The physics of traffic – that is, trying to model and understand how cars interact on the road – is an idea that’s occurred to me several times but I’ve never pursued it. My offhand thoughts always tend to comparisons of cars on a highway to molecules in a pipe. Under what conditions does traffic flow change phase from a gas/liquid to a solid: a traffic jam?

I’ve often wondered if the people who design roads have ever studied these topics. Has anyone done any experiments on this? Has anyone "ground-truthed" any theories for smooth traffic flow? Or do road designers just use rules-of-thumb for planning new highways (as I suspect from seeing the results)?

So this video from The Mathematical Society of Traffic Flow naturally piqued my interest. Since it’s hosted by Nagoya University in Japan, I assume the authors are associated with the school.

I’ve often wondered how much difference it makes to traffic flow whether drivers regulate their speed using their brakes to ‘actively slow’ as opposed to using their throttles (accelerators) to ‘passively slow’ by coasting.

Coasting to slow down is something a lot of American drivers just don’t seem to get. Their feet are always on one pedal or the other – or sometimes both, as my mother used to do. But they rarely drive with a foot on neither pedal.

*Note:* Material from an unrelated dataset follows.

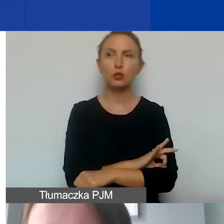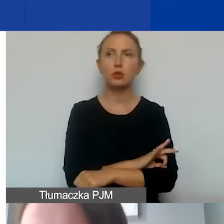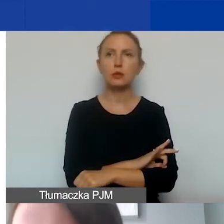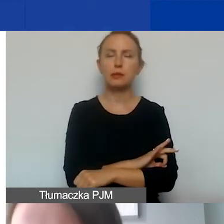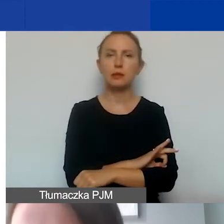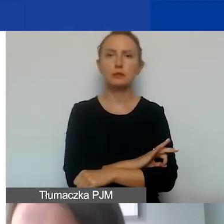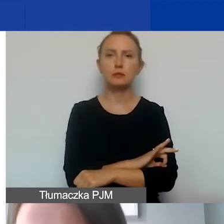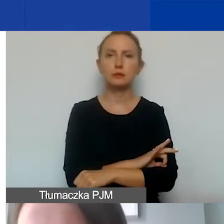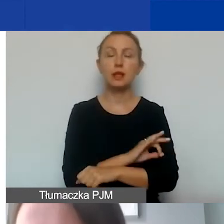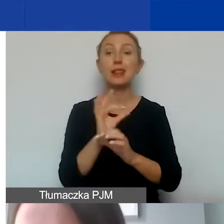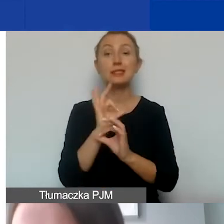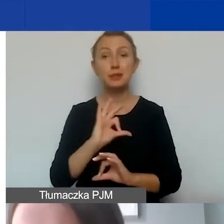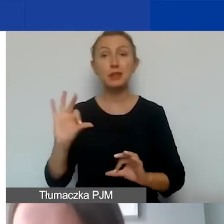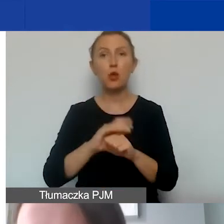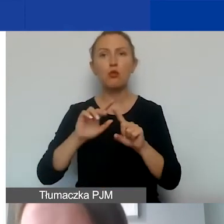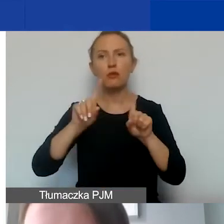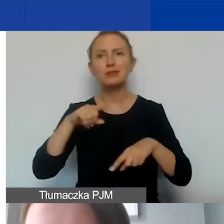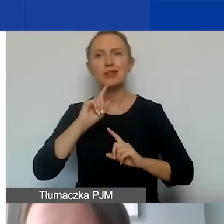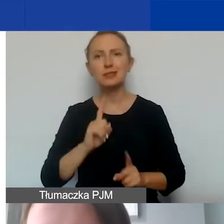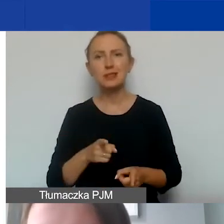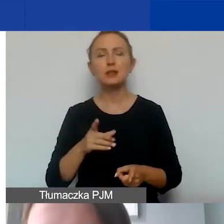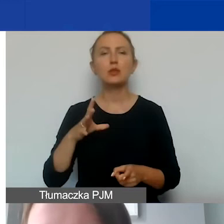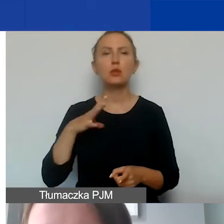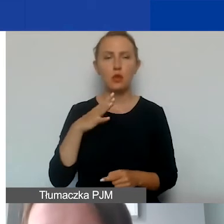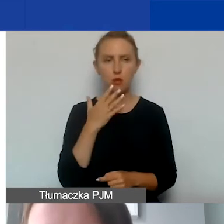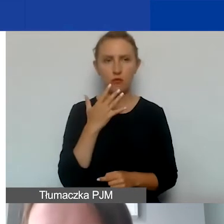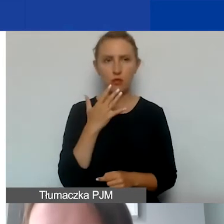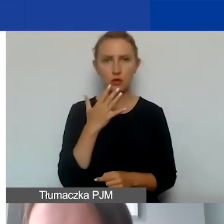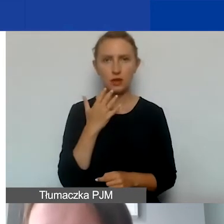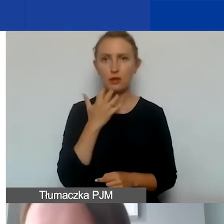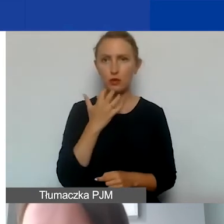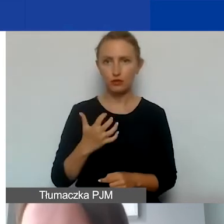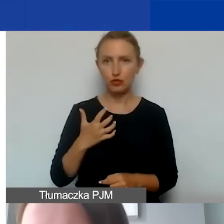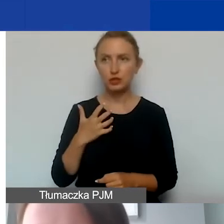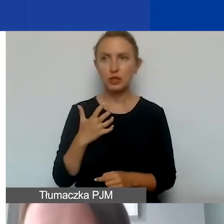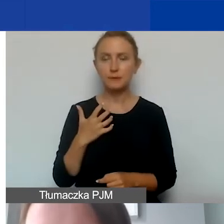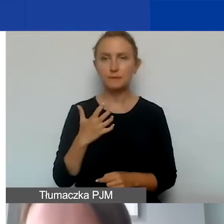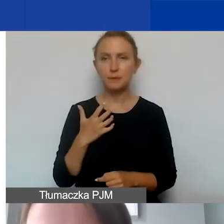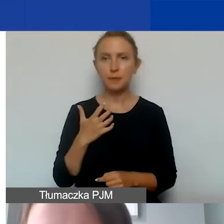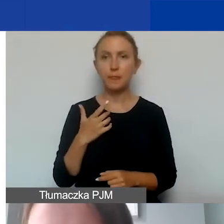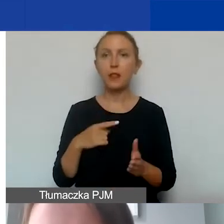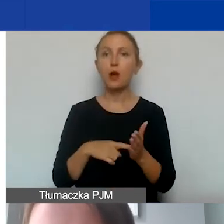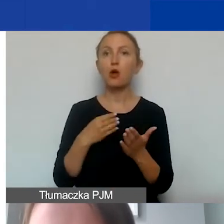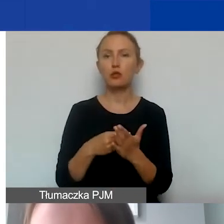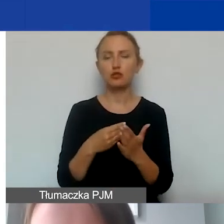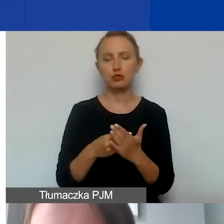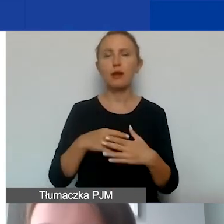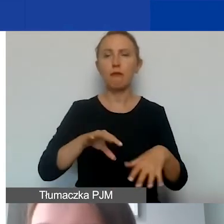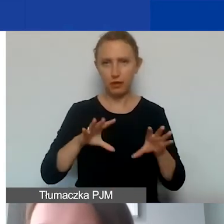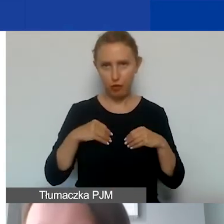także specjalistyczne umowy-zlecenia, o których wspominałam wcześniej - są to koszty kwalifikowane.

When you find yourself in a group of cars that doesn’t drive that way – in a group that coasts to slow down – then traffic seems to flow much more smoothly. But that observation may be due to traffic density: maybe people are more likely to use their brakes in denser traffic.

In the U.S. this problem’s worse because there’s very little lane discipline on the freeways, in contrast to British motorways or German autobahns. This is despite the fact that it’s a law in most of the states that drivers should keep right unless passing. It’s not unusual to find people in the left-most lane doing the speed limit. Technically, that’s legal1 but it completely defeats the self-organizing design feature of a freeway.

The first time I drove on an English motorway, I thought I’d died and gone to Drivers’ Heaven. On the other hand, the result of typical lane usage in these parts is that you’ll find all five lanes of a freeway coming to a complete halt with no apparent reason before resuming speed again. It’s just like the video except five lanes wide. How in the world does that happen?

Sometimes that pattern repeats, giving you the feeling that you’re in a kind of "traffic accordian." Stop, speed up, slow down, stop, speed up, slow down, stop, et cetera ad nauseum.

It makes me think we’re all just lemmings on the pavement.

1Except in California AFAIK.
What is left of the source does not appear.